== Segment start ==

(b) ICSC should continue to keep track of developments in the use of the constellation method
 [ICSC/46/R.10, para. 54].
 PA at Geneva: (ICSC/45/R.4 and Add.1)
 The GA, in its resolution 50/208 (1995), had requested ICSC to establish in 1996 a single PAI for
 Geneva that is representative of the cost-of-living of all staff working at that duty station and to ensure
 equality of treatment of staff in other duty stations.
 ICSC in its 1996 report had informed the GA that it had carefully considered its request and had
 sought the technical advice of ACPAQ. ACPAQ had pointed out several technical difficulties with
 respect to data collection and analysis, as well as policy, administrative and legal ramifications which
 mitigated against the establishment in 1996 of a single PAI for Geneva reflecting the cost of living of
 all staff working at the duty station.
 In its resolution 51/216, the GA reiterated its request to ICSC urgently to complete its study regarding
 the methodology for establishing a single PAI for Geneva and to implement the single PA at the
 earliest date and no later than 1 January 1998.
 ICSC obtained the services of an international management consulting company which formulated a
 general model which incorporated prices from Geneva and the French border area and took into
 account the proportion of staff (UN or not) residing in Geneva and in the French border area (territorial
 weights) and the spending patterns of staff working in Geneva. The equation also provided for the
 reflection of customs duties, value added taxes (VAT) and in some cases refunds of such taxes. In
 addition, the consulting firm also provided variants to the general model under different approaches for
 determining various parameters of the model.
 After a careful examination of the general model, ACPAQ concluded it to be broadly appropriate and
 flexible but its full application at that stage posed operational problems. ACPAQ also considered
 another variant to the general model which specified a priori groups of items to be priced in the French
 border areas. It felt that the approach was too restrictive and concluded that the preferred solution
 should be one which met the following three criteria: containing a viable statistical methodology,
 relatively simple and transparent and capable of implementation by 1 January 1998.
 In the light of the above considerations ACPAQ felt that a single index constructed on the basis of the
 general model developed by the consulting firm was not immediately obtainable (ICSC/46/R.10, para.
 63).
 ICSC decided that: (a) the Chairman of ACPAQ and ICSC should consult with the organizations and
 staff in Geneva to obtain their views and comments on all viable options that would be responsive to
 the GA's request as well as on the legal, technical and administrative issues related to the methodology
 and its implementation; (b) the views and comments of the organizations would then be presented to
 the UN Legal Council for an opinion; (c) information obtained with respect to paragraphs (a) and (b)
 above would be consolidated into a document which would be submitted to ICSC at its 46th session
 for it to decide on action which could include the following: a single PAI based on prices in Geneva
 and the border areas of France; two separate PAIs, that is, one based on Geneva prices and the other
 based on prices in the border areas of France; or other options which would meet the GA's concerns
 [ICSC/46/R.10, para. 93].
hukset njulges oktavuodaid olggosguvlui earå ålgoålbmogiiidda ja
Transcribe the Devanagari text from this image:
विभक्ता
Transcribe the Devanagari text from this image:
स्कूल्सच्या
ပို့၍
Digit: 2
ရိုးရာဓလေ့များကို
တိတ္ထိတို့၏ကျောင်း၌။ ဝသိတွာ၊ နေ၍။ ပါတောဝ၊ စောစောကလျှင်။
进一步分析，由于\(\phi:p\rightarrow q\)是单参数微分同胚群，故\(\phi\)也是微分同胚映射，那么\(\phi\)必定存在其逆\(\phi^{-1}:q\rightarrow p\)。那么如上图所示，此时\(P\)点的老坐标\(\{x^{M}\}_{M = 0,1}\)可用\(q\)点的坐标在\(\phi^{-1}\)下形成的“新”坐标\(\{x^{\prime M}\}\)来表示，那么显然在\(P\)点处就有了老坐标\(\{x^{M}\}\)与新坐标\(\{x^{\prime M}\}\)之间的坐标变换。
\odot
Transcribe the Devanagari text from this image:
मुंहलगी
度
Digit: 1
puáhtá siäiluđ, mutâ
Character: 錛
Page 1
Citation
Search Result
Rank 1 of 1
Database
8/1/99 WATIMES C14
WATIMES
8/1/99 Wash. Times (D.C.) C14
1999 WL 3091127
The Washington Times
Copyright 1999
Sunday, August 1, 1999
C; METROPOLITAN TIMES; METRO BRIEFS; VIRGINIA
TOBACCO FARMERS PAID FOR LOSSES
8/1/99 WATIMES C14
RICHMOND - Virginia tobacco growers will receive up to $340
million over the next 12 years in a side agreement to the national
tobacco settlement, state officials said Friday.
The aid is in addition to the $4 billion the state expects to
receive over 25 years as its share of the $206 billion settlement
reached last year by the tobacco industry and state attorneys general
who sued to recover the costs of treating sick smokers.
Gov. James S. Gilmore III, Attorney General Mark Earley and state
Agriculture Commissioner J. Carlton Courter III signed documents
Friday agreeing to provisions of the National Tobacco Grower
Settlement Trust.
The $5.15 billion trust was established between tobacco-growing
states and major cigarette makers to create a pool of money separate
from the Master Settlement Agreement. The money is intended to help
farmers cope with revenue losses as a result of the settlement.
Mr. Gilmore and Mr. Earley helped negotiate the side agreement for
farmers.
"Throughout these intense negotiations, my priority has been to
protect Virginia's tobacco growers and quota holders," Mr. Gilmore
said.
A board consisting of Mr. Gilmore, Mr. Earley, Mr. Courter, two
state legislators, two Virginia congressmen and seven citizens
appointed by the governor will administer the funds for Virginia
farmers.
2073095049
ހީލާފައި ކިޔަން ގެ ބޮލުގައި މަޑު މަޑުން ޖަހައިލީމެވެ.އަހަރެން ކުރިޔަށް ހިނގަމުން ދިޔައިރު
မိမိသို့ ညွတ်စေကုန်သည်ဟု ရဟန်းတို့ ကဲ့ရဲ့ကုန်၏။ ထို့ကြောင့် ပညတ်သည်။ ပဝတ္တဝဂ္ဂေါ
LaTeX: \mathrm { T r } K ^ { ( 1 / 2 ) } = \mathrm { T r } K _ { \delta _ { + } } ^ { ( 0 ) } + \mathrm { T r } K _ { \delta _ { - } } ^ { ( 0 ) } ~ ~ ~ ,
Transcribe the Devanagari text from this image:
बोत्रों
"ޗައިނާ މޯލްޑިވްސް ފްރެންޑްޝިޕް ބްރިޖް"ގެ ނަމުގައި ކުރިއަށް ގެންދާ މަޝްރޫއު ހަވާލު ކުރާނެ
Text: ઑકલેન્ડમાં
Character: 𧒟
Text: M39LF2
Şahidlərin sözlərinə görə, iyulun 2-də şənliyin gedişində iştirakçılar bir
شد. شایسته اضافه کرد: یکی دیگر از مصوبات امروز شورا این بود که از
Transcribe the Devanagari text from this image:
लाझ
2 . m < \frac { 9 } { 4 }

== Segment end ==

Output the whole listing again, keeping every line identical.

(b) ICSC should continue to keep track of developments in the use of the constellation method
 [ICSC/46/R.10, para. 54].
 PA at Geneva: (ICSC/45/R.4 and Add.1)
 The GA, in its resolution 50/208 (1995), had requested ICSC to establish in 1996 a single PAI for
 Geneva that is representative of the cost-of-living of all staff working at that duty station and to ensure
 equality of treatment of staff in other duty stations.
 ICSC in its 1996 report had informed the GA that it had carefully considered its request and had
 sought the technical advice of ACPAQ. ACPAQ had pointed out several technical difficulties with
 respect to data collection and analysis, as well as policy, administrative and legal ramifications which
 mitigated against the establishment in 1996 of a single PAI for Geneva reflecting the cost of living of
 all staff working at the duty station.
 In its resolution 51/216, the GA reiterated its request to ICSC urgently to complete its study regarding
 the methodology for establishing a single PAI for Geneva and to implement the single PA at the
 earliest date and no later than 1 January 1998.
 ICSC obtained the services of an international management consulting company which formulated a
 general model which incorporated prices from Geneva and the French border area and took into
 account the proportion of staff (UN or not) residing in Geneva and in the French border area (territorial
 weights) and the spending patterns of staff working in Geneva. The equation also provided for the
 reflection of customs duties, value added taxes (VAT) and in some cases refunds of such taxes. In
 addition, the consulting firm also provided variants to the general model under different approaches for
 determining various parameters of the model.
 After a careful examination of the general model, ACPAQ concluded it to be broadly appropriate and
 flexible but its full application at that stage posed operational problems. ACPAQ also considered
 another variant to the general model which specified a priori groups of items to be priced in the French
 border areas. It felt that the approach was too restrictive and concluded that the preferred solution
 should be one which met the following three criteria: containing a viable statistical methodology,
 relatively simple and transparent and capable of implementation by 1 January 1998.
 In the light of the above considerations ACPAQ felt that a single index constructed on the basis of the
 general model developed by the consulting firm was not immediately obtainable (ICSC/46/R.10, para.
 63).
 ICSC decided that: (a) the Chairman of ACPAQ and ICSC should consult with the organizations and
 staff in Geneva to obtain their views and comments on all viable options that would be responsive to
 the GA's request as well as on the legal, technical and administrative issues related to the methodology
 and its implementation; (b) the views and comments of the organizations would then be presented to
 the UN Legal Council for an opinion; (c) information obtained with respect to paragraphs (a) and (b)
 above would be consolidated into a document which would be submitted to ICSC at its 46th session
 for it to decide on action which could include the following: a single PAI based on prices in Geneva
 and the border areas of France; two separate PAIs, that is, one based on Geneva prices and the other
 based on prices in the border areas of France; or other options which would meet the GA's concerns
 [ICSC/46/R.10, para. 93].
hukset njulges oktavuodaid olggosguvlui earå ålgoålbmogiiidda ja
Transcribe the Devanagari text from this image:
विभक्ता
Transcribe the Devanagari text from this image:
स्कूल्सच्या
ပို့၍
Digit: 2
ရိုးရာဓလေ့များကို
တိတ္ထိတို့၏ကျောင်း၌။ ဝသိတွာ၊ နေ၍။ ပါတောဝ၊ စောစောကလျှင်။
进一步分析，由于\(\phi:p\rightarrow q\)是单参数微分同胚群，故\(\phi\)也是微分同胚映射，那么\(\phi\)必定存在其逆\(\phi^{-1}:q\rightarrow p\)。那么如上图所示，此时\(P\)点的老坐标\(\{x^{M}\}_{M = 0,1}\)可用\(q\)点的坐标在\(\phi^{-1}\)下形成的“新”坐标\(\{x^{\prime M}\}\)来表示，那么显然在\(P\)点处就有了老坐标\(\{x^{M}\}\)与新坐标\(\{x^{\prime M}\}\)之间的坐标变换。
\odot
Transcribe the Devanagari text from this image:
मुंहलगी
度
Digit: 1
puáhtá siäiluđ, mutâ
Character: 錛
Page 1
Citation
Search Result
Rank 1 of 1
Database
8/1/99 WATIMES C14
WATIMES
8/1/99 Wash. Times (D.C.) C14
1999 WL 3091127
The Washington Times
Copyright 1999
Sunday, August 1, 1999
C; METROPOLITAN TIMES; METRO BRIEFS; VIRGINIA
TOBACCO FARMERS PAID FOR LOSSES
8/1/99 WATIMES C14
RICHMOND - Virginia tobacco growers will receive up to $340
million over the next 12 years in a side agreement to the national
tobacco settlement, state officials said Friday.
The aid is in addition to the $4 billion the state expects to
receive over 25 years as its share of the $206 billion settlement
reached last year by the tobacco industry and state attorneys general
who sued to recover the costs of treating sick smokers.
Gov. James S. Gilmore III, Attorney General Mark Earley and state
Agriculture Commissioner J. Carlton Courter III signed documents
Friday agreeing to provisions of the National Tobacco Grower
Settlement Trust.
The $5.15 billion trust was established between tobacco-growing
states and major cigarette makers to create a pool of money separate
from the Master Settlement Agreement. The money is intended to help
farmers cope with revenue losses as a result of the settlement.
Mr. Gilmore and Mr. Earley helped negotiate the side agreement for
farmers.
"Throughout these intense negotiations, my priority has been to
protect Virginia's tobacco growers and quota holders," Mr. Gilmore
said.
A board consisting of Mr. Gilmore, Mr. Earley, Mr. Courter, two
state legislators, two Virginia congressmen and seven citizens
appointed by the governor will administer the funds for Virginia
farmers.
2073095049
ހީލާފައި ކިޔަން ގެ ބޮލުގައި މަޑު މަޑުން ޖަހައިލީމެވެ.އަހަރެން ކުރިޔަށް ހިނގަމުން ދިޔައިރު
မိမိသို့ ညွတ်စေကုန်သည်ဟု ရဟန်းတို့ ကဲ့ရဲ့ကုန်၏။ ထို့ကြောင့် ပညတ်သည်။ ပဝတ္တဝဂ္ဂေါ
LaTeX: \mathrm { T r } K ^ { ( 1 / 2 ) } = \mathrm { T r } K _ { \delta _ { + } } ^ { ( 0 ) } + \mathrm { T r } K _ { \delta _ { - } } ^ { ( 0 ) } ~ ~ ~ ,
Transcribe the Devanagari text from this image:
बोत्रों
"ޗައިނާ މޯލްޑިވްސް ފްރެންޑްޝިޕް ބްރިޖް"ގެ ނަމުގައި ކުރިއަށް ގެންދާ މަޝްރޫއު ހަވާލު ކުރާނެ
Text: ઑકલેન્ડમાં
Character: 𧒟
Text: M39LF2
Şahidlərin sözlərinə görə, iyulun 2-də şənliyin gedişində iştirakçılar bir
شد. شایسته اضافه کرد: یکی دیگر از مصوبات امروز شورا این بود که از
Transcribe the Devanagari text from this image:
लाझ
2 . m < \frac { 9 } { 4 }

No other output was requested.